**Exercise requirements**
Return the records exactly, from the first line through the "39.312C34.136 39.312 39.312" line.

**Materials provided**
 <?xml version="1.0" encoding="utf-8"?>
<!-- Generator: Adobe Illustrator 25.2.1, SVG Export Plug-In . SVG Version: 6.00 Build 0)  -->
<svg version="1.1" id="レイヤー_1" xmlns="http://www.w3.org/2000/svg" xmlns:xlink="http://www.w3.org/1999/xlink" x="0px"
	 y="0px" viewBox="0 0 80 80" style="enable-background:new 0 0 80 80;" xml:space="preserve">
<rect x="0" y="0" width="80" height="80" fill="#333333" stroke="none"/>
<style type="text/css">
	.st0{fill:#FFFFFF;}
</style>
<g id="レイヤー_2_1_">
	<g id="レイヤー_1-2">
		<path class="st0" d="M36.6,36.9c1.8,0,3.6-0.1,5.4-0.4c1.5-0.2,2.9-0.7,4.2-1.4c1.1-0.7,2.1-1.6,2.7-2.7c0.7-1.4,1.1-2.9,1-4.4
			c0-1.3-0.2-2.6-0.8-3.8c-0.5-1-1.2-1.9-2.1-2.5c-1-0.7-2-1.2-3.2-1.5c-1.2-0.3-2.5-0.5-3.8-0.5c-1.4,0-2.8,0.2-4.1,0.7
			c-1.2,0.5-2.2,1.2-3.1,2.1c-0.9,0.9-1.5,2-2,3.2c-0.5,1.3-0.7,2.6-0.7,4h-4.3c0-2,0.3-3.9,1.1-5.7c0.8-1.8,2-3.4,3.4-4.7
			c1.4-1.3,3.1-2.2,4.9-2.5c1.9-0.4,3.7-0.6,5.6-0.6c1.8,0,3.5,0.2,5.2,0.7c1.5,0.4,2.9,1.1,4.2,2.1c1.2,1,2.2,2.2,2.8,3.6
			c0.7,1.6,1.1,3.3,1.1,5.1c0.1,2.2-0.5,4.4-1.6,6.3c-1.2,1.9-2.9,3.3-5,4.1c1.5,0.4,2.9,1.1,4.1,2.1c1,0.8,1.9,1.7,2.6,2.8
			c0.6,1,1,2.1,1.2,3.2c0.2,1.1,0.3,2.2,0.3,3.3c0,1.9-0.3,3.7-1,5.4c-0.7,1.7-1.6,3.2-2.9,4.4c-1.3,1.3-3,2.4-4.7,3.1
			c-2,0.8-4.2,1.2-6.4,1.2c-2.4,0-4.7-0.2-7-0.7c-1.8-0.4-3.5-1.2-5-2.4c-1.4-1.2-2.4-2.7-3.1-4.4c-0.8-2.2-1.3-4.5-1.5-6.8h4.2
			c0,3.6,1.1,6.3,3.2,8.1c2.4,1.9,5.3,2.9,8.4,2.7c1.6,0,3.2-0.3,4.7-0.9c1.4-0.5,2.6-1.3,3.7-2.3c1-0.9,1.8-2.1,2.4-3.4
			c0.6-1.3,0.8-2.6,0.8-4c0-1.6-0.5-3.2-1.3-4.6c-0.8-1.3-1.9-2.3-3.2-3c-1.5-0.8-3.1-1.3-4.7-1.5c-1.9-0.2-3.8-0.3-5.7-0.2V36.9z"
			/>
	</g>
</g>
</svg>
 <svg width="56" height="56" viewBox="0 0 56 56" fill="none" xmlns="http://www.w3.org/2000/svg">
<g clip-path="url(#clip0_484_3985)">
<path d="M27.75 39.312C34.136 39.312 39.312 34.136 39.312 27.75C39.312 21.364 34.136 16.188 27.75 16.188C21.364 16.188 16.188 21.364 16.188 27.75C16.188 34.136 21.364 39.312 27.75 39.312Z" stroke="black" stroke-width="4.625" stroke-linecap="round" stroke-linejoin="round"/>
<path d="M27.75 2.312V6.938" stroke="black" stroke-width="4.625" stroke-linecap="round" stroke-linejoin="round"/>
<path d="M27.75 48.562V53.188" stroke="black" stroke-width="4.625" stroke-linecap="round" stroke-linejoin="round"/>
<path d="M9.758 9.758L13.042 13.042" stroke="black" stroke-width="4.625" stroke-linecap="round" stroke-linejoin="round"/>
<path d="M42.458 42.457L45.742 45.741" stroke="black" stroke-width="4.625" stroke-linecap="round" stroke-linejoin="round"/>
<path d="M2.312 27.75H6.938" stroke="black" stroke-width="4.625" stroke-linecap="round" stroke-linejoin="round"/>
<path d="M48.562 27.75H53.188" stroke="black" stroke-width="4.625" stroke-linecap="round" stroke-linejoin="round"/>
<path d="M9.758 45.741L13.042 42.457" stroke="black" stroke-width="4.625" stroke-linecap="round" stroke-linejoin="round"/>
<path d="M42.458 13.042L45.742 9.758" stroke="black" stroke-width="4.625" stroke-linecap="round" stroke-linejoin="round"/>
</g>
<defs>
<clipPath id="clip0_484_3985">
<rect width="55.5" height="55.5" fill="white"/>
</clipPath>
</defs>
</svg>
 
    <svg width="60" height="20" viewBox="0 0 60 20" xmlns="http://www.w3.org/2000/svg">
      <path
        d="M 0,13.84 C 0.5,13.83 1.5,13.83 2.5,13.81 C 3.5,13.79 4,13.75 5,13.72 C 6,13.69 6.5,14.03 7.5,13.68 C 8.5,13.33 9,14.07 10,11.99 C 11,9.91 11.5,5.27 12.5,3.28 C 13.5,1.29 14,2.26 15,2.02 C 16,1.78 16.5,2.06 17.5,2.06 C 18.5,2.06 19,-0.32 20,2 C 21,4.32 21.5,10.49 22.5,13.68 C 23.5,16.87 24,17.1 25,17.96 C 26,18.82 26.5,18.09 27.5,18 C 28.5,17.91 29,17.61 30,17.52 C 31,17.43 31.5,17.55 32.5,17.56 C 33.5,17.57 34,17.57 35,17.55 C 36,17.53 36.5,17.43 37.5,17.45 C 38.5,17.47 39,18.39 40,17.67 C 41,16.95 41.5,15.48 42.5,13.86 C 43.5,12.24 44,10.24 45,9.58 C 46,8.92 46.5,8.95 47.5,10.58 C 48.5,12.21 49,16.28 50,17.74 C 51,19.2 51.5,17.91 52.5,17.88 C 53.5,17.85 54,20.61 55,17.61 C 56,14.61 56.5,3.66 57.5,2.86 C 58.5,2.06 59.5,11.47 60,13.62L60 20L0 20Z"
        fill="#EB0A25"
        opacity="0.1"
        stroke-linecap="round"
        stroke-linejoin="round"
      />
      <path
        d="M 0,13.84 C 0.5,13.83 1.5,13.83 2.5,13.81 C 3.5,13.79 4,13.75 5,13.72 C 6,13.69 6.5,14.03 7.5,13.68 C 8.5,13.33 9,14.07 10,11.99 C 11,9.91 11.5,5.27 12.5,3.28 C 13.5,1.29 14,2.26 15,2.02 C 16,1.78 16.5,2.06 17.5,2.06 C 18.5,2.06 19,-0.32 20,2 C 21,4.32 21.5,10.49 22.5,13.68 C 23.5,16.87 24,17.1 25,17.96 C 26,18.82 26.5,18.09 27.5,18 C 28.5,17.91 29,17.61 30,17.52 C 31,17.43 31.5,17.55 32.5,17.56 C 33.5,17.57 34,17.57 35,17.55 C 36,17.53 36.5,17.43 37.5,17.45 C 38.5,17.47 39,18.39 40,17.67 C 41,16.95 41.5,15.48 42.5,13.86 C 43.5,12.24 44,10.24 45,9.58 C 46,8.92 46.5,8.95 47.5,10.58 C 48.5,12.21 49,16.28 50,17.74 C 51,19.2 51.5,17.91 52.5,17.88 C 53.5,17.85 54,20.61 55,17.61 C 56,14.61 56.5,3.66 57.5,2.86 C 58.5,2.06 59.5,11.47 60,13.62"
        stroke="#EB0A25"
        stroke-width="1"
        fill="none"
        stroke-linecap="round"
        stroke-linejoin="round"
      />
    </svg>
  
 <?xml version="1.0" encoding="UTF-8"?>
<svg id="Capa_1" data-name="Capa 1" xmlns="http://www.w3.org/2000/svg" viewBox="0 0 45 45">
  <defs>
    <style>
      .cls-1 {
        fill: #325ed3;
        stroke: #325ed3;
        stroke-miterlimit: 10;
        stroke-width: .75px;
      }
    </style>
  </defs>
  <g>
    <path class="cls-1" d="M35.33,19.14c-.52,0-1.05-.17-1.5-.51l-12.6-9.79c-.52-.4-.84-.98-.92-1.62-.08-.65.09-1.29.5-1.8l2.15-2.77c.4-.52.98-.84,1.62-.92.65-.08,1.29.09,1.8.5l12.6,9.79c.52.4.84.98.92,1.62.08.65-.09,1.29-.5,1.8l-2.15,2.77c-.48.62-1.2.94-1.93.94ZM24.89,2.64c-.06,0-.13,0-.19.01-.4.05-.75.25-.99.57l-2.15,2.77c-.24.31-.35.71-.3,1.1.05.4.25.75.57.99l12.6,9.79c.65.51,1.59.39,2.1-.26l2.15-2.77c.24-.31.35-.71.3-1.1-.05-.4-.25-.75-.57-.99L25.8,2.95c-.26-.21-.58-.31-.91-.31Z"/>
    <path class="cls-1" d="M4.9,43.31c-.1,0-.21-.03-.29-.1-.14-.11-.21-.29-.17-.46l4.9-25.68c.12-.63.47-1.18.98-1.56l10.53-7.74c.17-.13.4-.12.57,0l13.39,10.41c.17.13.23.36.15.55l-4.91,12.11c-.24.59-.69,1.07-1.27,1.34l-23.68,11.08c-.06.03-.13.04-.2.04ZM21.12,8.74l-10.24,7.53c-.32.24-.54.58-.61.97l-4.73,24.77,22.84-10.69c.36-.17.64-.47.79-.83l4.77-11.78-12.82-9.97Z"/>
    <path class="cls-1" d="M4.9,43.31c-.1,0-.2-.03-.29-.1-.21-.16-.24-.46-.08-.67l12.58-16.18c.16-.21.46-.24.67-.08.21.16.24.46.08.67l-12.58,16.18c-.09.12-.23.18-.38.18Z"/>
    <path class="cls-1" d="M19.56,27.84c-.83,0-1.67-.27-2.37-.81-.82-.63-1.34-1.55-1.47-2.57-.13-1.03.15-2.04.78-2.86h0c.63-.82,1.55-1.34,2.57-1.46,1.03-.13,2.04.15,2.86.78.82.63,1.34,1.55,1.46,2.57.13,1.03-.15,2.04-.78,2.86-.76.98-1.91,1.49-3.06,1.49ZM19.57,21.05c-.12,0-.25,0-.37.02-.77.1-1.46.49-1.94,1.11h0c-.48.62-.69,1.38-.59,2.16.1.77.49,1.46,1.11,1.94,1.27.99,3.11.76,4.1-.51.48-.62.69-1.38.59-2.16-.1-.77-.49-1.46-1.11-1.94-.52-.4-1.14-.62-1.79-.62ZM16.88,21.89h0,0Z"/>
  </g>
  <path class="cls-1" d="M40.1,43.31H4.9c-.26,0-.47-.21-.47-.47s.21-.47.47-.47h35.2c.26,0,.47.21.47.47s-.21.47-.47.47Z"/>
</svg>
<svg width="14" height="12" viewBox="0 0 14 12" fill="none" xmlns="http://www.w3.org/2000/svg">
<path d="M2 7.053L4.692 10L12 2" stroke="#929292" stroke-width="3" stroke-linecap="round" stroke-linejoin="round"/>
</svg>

**Result below**
 <?xml version="1.0" encoding="utf-8"?>
<!-- Generator: Adobe Illustrator 25.2.1, SVG Export Plug-In . SVG Version: 6.00 Build 0)  -->
<svg version="1.1" id="レイヤー_1" xmlns="http://www.w3.org/2000/svg" xmlns:xlink="http://www.w3.org/1999/xlink" x="0px"
	 y="0px" viewBox="0 0 80 80" style="enable-background:new 0 0 80 80;" xml:space="preserve">
<rect x="0" y="0" width="80" height="80" fill="#333333" stroke="none"/>
<style type="text/css">
	.st0{fill:#FFFFFF;}
</style>
<g id="レイヤー_2_1_">
	<g id="レイヤー_1-2">
		<path class="st0" d="M36.6,36.9c1.8,0,3.6-0.1,5.4-0.4c1.5-0.2,2.9-0.7,4.2-1.4c1.1-0.7,2.1-1.6,2.7-2.7c0.7-1.4,1.1-2.9,1-4.4
			c0-1.3-0.2-2.6-0.8-3.8c-0.5-1-1.2-1.9-2.1-2.5c-1-0.7-2-1.2-3.2-1.5c-1.2-0.3-2.5-0.5-3.8-0.5c-1.4,0-2.8,0.2-4.1,0.7
			c-1.2,0.5-2.2,1.2-3.1,2.1c-0.9,0.9-1.5,2-2,3.2c-0.5,1.3-0.7,2.6-0.7,4h-4.3c0-2,0.3-3.9,1.1-5.7c0.8-1.8,2-3.4,3.4-4.7
			c1.4-1.3,3.1-2.2,4.9-2.5c1.9-0.4,3.7-0.6,5.6-0.6c1.8,0,3.5,0.2,5.2,0.7c1.5,0.4,2.9,1.1,4.2,2.1c1.2,1,2.2,2.2,2.8,3.6
			c0.7,1.6,1.1,3.3,1.1,5.1c0.1,2.2-0.5,4.4-1.6,6.3c-1.2,1.9-2.9,3.3-5,4.1c1.5,0.4,2.9,1.1,4.1,2.1c1,0.8,1.9,1.7,2.6,2.8
			c0.6,1,1,2.1,1.2,3.2c0.2,1.1,0.3,2.2,0.3,3.3c0,1.9-0.3,3.7-1,5.4c-0.7,1.7-1.6,3.2-2.9,4.4c-1.3,1.3-3,2.4-4.7,3.1
			c-2,0.8-4.2,1.2-6.4,1.2c-2.4,0-4.7-0.2-7-0.7c-1.8-0.4-3.5-1.2-5-2.4c-1.4-1.2-2.4-2.7-3.1-4.4c-0.8-2.2-1.3-4.5-1.5-6.8h4.2
			c0,3.6,1.1,6.3,3.2,8.1c2.4,1.9,5.3,2.9,8.4,2.7c1.6,0,3.2-0.3,4.7-0.9c1.4-0.5,2.6-1.3,3.7-2.3c1-0.9,1.8-2.1,2.4-3.4
			c0.6-1.3,0.8-2.6,0.8-4c0-1.6-0.5-3.2-1.3-4.6c-0.8-1.3-1.9-2.3-3.2-3c-1.5-0.8-3.1-1.3-4.7-1.5c-1.9-0.2-3.8-0.3-5.7-0.2V36.9z"
			/>
	</g>
</g>
</svg>
 <svg width="56" height="56" viewBox="0 0 56 56" fill="none" xmlns="http://www.w3.org/2000/svg">
<g clip-path="url(#clip0_484_3985)">
<path d="M27.75 39.312C34.136 39.312 39.312 34.136 39.312 27.75C39.312 21.364 34.136 16.188 27.75 16.188C21.364 16.188 16.188 21.364 16.188 27.75C16.188 34.136 21.364 39.312 27.75 39.312Z" stroke="black" stroke-width="4.625" stroke-linecap="round" stroke-linejoin="round"/>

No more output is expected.